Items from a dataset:
========================================

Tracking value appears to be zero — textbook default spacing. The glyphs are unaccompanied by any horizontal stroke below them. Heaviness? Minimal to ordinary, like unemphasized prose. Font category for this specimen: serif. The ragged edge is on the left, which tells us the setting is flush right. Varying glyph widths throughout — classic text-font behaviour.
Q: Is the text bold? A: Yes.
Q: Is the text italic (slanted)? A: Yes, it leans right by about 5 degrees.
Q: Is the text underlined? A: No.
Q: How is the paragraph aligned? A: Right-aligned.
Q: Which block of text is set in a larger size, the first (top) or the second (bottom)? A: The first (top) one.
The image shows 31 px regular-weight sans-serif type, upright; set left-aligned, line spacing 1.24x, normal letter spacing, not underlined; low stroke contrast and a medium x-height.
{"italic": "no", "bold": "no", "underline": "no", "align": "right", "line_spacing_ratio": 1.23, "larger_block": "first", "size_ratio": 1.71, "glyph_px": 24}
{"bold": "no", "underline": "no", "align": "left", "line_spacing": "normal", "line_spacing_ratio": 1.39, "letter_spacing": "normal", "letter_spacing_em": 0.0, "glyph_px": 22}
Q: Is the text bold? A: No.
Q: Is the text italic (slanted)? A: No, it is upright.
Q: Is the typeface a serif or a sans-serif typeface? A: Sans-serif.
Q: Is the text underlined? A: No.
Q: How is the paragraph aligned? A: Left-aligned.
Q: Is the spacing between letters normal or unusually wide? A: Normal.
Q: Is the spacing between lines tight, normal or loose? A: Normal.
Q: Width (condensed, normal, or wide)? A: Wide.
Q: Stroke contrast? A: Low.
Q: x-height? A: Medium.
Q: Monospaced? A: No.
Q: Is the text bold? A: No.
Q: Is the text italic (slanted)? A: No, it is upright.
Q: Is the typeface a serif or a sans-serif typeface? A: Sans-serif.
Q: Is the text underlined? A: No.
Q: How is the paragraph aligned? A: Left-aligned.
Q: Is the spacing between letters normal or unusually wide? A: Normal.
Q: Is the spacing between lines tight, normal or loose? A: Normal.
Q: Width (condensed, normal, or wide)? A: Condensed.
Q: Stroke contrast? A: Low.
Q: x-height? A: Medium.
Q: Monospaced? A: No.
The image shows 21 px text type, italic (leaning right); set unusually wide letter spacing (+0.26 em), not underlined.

========================================

### [Problem requirements]
Determine the number of lines in the preceding data that contain the word "image". Reply with that number only.

### [Answer below]
2